[Excerpts from a dataset]
========================================
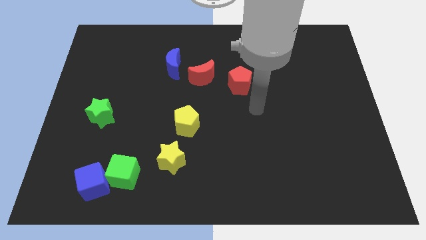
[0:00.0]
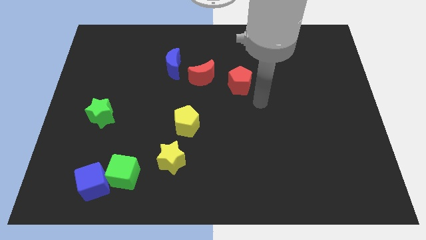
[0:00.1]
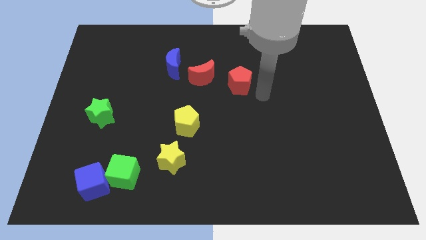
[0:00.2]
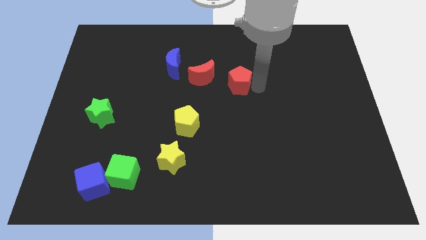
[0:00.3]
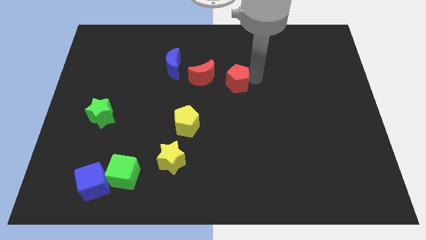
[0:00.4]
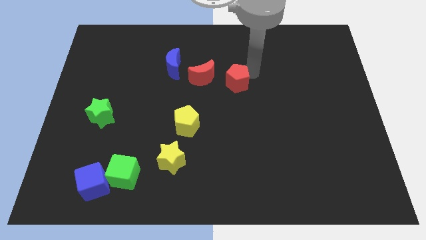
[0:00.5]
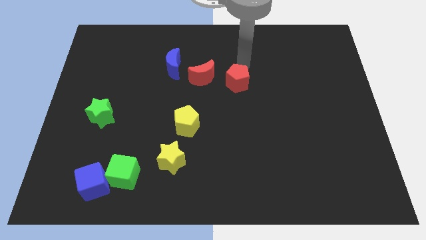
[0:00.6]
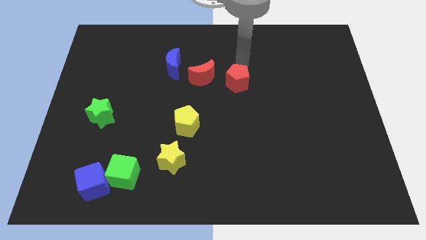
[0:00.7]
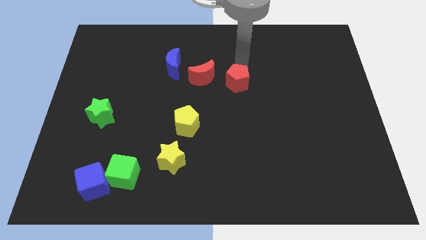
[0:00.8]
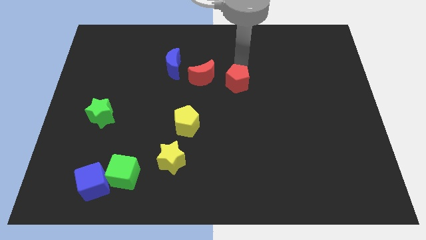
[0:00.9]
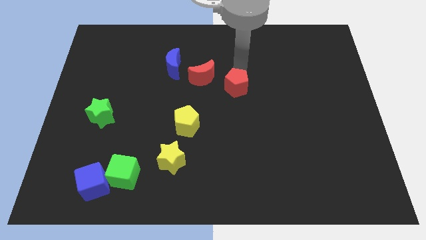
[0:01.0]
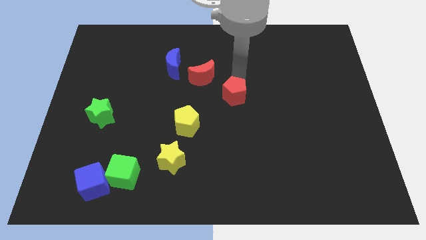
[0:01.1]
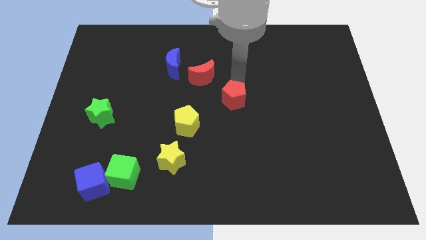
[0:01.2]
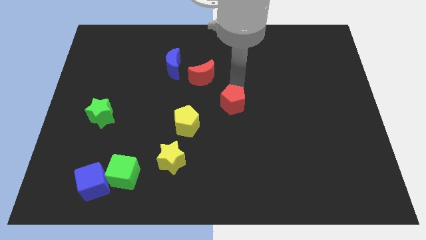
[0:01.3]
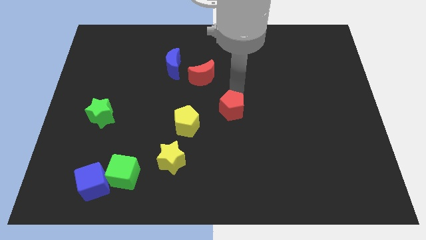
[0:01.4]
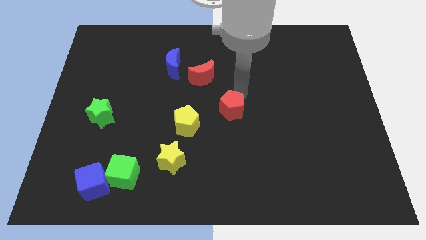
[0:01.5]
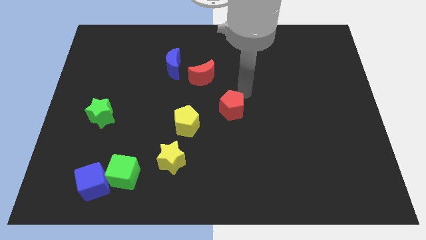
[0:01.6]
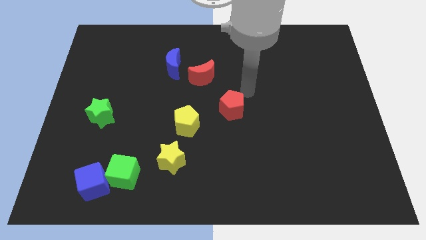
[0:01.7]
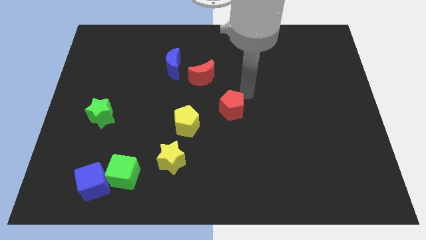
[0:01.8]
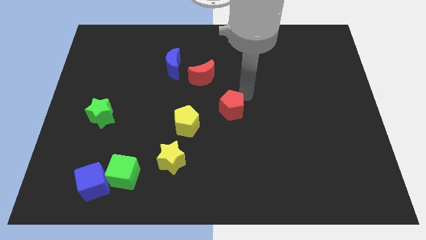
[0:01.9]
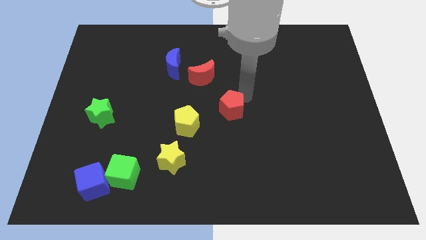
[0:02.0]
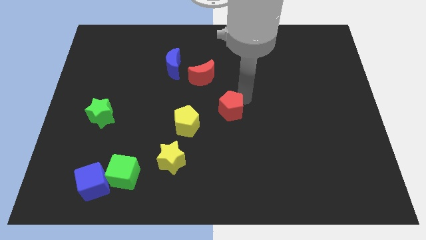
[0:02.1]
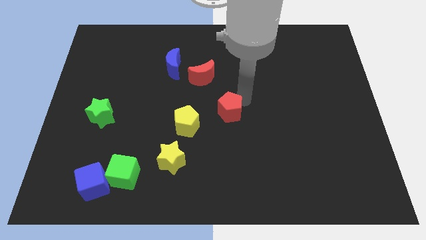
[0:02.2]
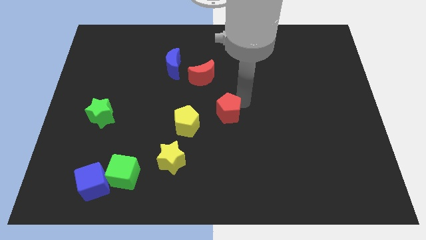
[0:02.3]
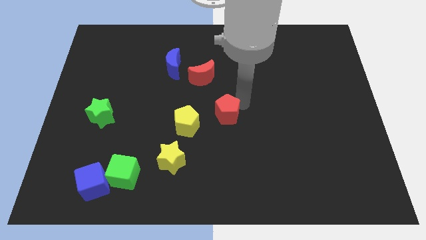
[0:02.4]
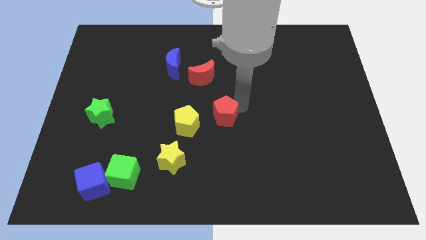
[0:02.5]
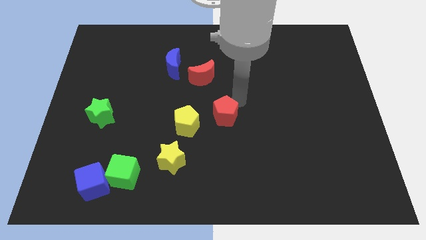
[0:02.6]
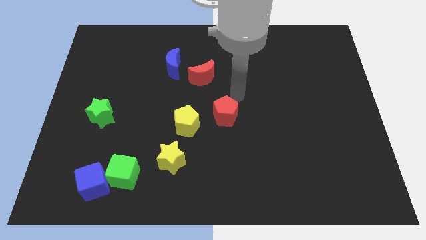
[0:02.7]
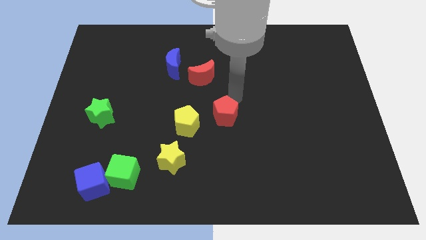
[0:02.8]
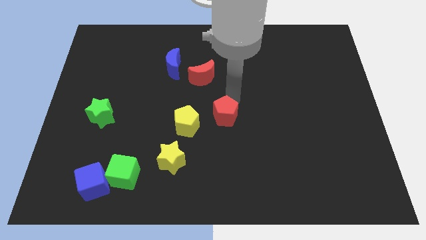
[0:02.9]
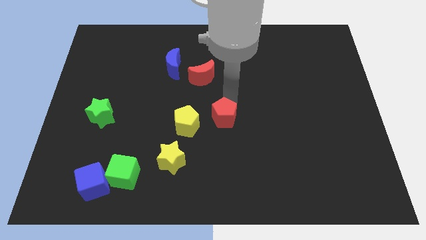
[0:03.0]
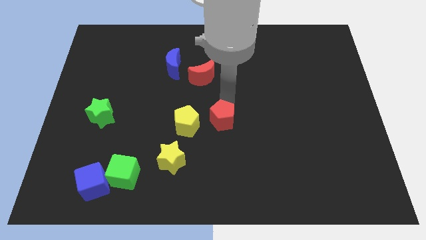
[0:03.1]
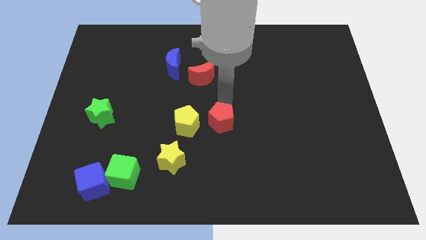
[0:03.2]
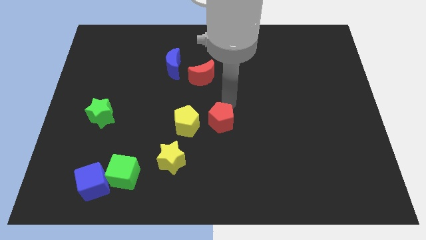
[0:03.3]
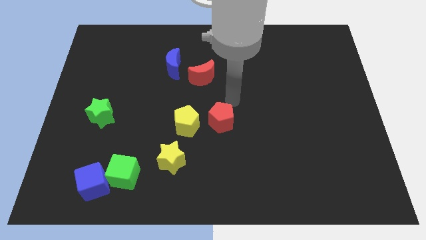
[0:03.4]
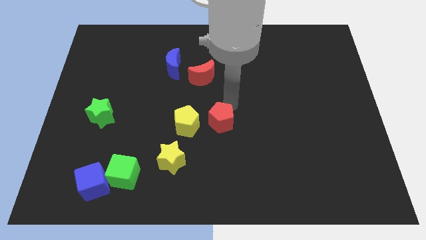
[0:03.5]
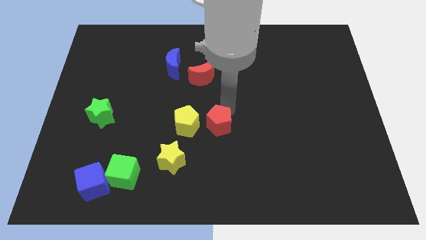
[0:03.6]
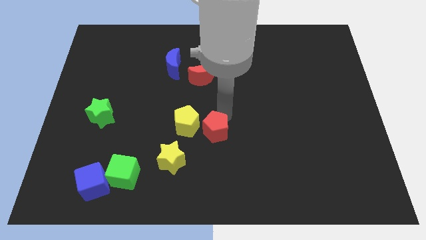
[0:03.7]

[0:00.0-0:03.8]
put the red pentagon to the bottom right side of the yellow pentagon
========================================
Task to carry out: Leave out the images and copy every record above exactly.

Result of the task:
[0:00.0]
[0:00.1]
[0:00.2]
[0:00.3]
[0:00.4]
[0:00.5]
[0:00.6]
[0:00.7]
[0:00.8]
[0:00.9]
[0:01.0]
[0:01.1]
[0:01.2]
[0:01.3]
[0:01.4]
[0:01.5]
[0:01.6]
[0:01.7]
[0:01.8]
[0:01.9]
[0:02.0]
[0:02.1]
[0:02.2]
[0:02.3]
[0:02.4]
[0:02.5]
[0:02.6]
[0:02.7]
[0:02.8]
[0:02.9]
[0:03.0]
[0:03.1]
[0:03.2]
[0:03.3]
[0:03.4]
[0:03.5]
[0:03.6]
[0:03.7]

[0:00.0-0:03.8]
put the red pentagon to the bottom right side of the yellow pentagon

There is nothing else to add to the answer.